Многие из пансионеров быстро поднялись с постелей и приняли участие в розысках. Выяснилось, что доктор отправился сегодня ночью на горное озеро для испытания новых коньков; несколько человек побежало было к катку, но навстречу им попалась, опередившая их и возвращавшаяся уже со льда, фрекен Эллингсен. В руках у нее была деревянная жердь. Спросили ее, не встретила ли она доктора, но она его не видела, с мрачным видом покачала головою и сказала:
- Но я кое-что открыла, лед пробит во многих местах, там удили рыбу, одну из прорубей не затянуло льдом.
- Да?.. Что же вы полагаете?..
- Не затянуло, - кивнула она головою. - Это случилось сегодня ночью.
- Возможно ли?.. Что вы говорите?
Они побежали дальше, чтобы взглянуть на новую прорубь, а фрекен Эллингсен пошла домой. Она была очень занята, погружена в размышления. Это зияющее во льду отверстие - ведь это была настоящая английская Short Story, ночная трагедия, о, от нее ничего не скроется.
Так как она вернулась с места происшествия и могла сообщить новости, то вокруг нее собралось много пансионеров; говорила она вполголоса, но очень внушительно, слушатели ее стали бояться самого худшего.
- Только бы не случилось несчастья, - сказал адвокат. - Прорубь зияет, сказали вы?
- Зияет. Лед, затянувший было ее, сегодня ночью раскололся. Обломки еще не соединились.
- Это отверстия, в которых Даниэль рыбу удит, - сказал инспектор.
- Луна не светила сегодня ночью? - спросил кто-то.
- Нет, - сказал инспектор. - И что ему нужно было в темноте на льду! Которое это было отверстие, фрекен?
- Ближайшее, у самого устья.
- Там именно, где лед был менее всего прочен. Мы воткнули там жердь для предупреждения.
- Вот она, - сказала фрекен Эллингсен. - Она лежала на льду и я взяла ее с собою.
- Зачем? - спросил Бертельсен.
Она ему ответила - ему одному - возможно, что вся ее речь была к тому, чтобы он послушал ее. - Ее, может быть, придется исследовать.
- Жердь? - изумился Бертельсен.
- Да, не будем же терять здесь время и болтать, - перебил адвокат. - Возьмите с собою людей, Свендсен, и вскройте лед. Великий Боже, что если случилось несчастье!

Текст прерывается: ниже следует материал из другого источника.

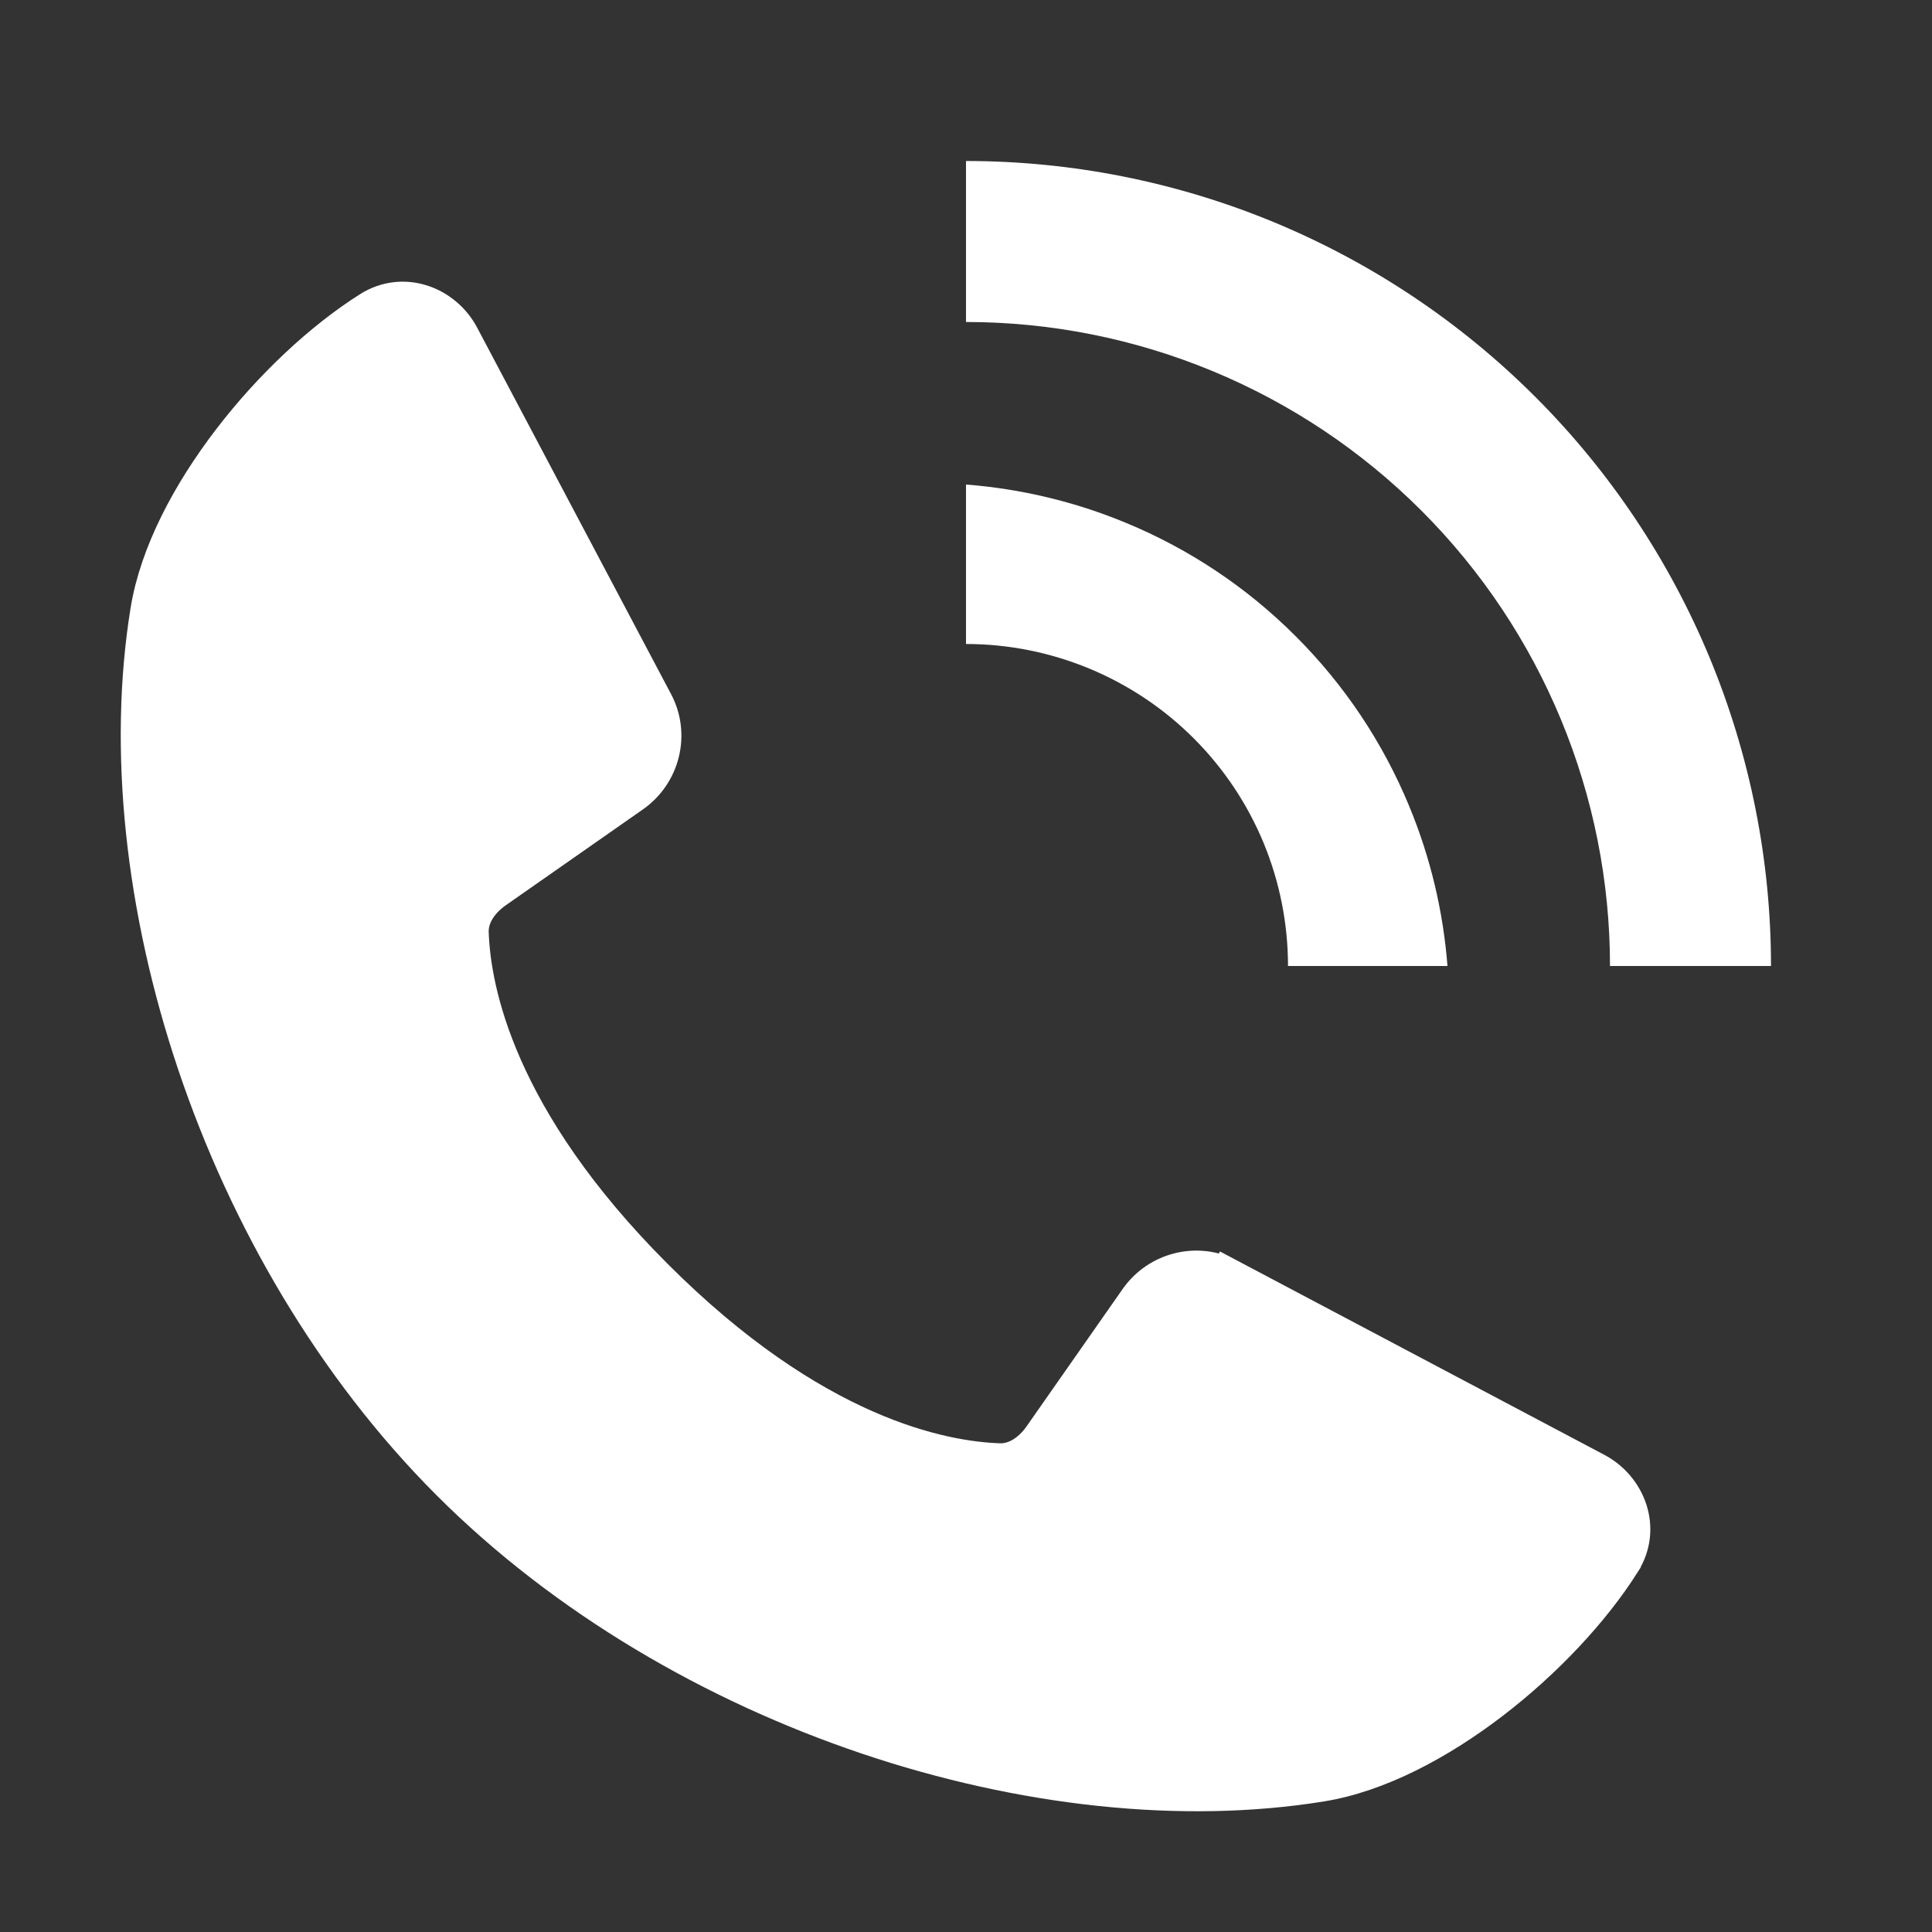 <svg width="24" height="24" viewBox="0 0 24 24" fill="none" xmlns="http://www.w3.org/2000/svg">
<rect x="0" y="0" width="24" height="24" fill="#333333" stroke="none"/>
<path fill-rule="evenodd" clip-rule="evenodd" d="M12 6.019V12H12L12 8C12.526 8 13.046 8.104 13.531 8.305C14.016 8.506 14.457 8.8 14.829 9.172C15.2 9.543 15.495 9.984 15.696 10.469C15.897 10.955 16 11.475 16 12H17.981C17.928 11.318 17.768 10.647 17.505 10.013C17.179 9.224 16.7 8.507 16.096 7.904C15.493 7.3 14.776 6.821 13.987 6.495C13.353 6.232 12.682 6.072 12 6.019Z" fill="#FFFFFF"/>
<path fill-rule="evenodd" clip-rule="evenodd" d="M21.239 8.173C21.741 9.386 22 10.687 22 12H20C20 10.95 19.793 9.909 19.391 8.939C18.989 7.968 18.4 7.086 17.657 6.343C16.914 5.6 16.032 5.011 15.061 4.609C14.091 4.207 13.051 4 12 4V2C13.313 2 14.614 2.259 15.827 2.761C17.04 3.264 18.142 4 19.071 4.929C20 5.857 20.736 6.96 21.239 8.173Z" fill="#FFFFFF"/>
<path d="M5.706 4.186L5.706 4.186C5.503 3.803 5.013 3.608 4.604 3.867L4.604 3.867C4.01 4.243 3.386 4.828 2.883 5.485C2.382 6.139 1.983 6.887 1.869 7.592L1.869 7.592C1.312 11.03 2.736 15.534 5.601 18.399C8.466 21.264 12.97 22.688 16.408 22.131C17.113 22.017 17.861 21.618 18.515 21.117C19.172 20.614 19.757 19.99 20.133 19.396L20.133 19.395C20.392 18.987 20.197 18.497 19.814 18.294L19.814 18.294L15.259 15.884L15.142 16.105L15.259 15.884C14.874 15.681 14.399 15.801 14.15 16.157L12.958 17.861L12.958 17.861C12.812 18.069 12.614 18.186 12.414 18.179L12.414 18.179C11.698 18.155 10.091 17.852 8.12 15.88C6.148 13.909 5.845 12.302 5.821 11.586L5.821 11.586C5.814 11.386 5.931 11.188 6.138 11.042L6.138 11.042L7.843 9.85C7.843 9.85 7.843 9.85 7.843 9.85C8.199 9.601 8.319 9.125 8.116 8.741L8.116 8.741L5.706 4.186Z" fill="#FFFFFF" stroke="#FFFFFF" stroke-width="0.5"/>
</svg>

- Я хотела бы сказать вам несколько слов в вашей комнате, - сказала ему фрекен Эллингсен. - А вы, Бертельсен, будьте добры, пойдите с нами.
Что-то было на сердце у фрекен Эллингсен, в этом не было никакого сомнения, у нее был такой необычно задумчивый вид. Адвокат прошел вперед в свою комнату.
- Милости просим, фрекен, садитесь. Что вы хотели мне сказать?
Фрекен Эллингсен заговорила; она подробно рассказала о своем открытии и раскраснелась при этом. Бертельсен, еще раньше слышавший ее рассказы, пытался сначала сохранить равнодушие, но оставил это, ввиду ее полной серьезности:
- Выяснено, что небо было покрыто тучами и луны не было, я сама исследовала прорубь, она достаточно широка, в нее отлично может провалиться человек, разбежавшийся на коньках. Но я не утверждаю, что случилось несчастье.
- Нет, нет. Но что же вы говорите? - нетерпеливо спросил Бертельсен.
Она повернулась к нему. - Вы меня давеча спросили, почему я взяла с собою эту палку. Я ее взяла, потому что ее придется, может быть, подвергнуть химическому исследованию. На ней пятна, похожие на кровь.
- Кровь! - сказали мужчины.
Им указали несколько красноватых пятен на коре, и они не знали, что об этом подумать. Это была несомненно кровь, но Бертельсен спросил:
- Ну, а если и кровь, так что же с того?
- В таком случае палка, может быть, послужила орудием.
- Значит, нападение? - догадался адвокат. - Нет, это неправдоподобно.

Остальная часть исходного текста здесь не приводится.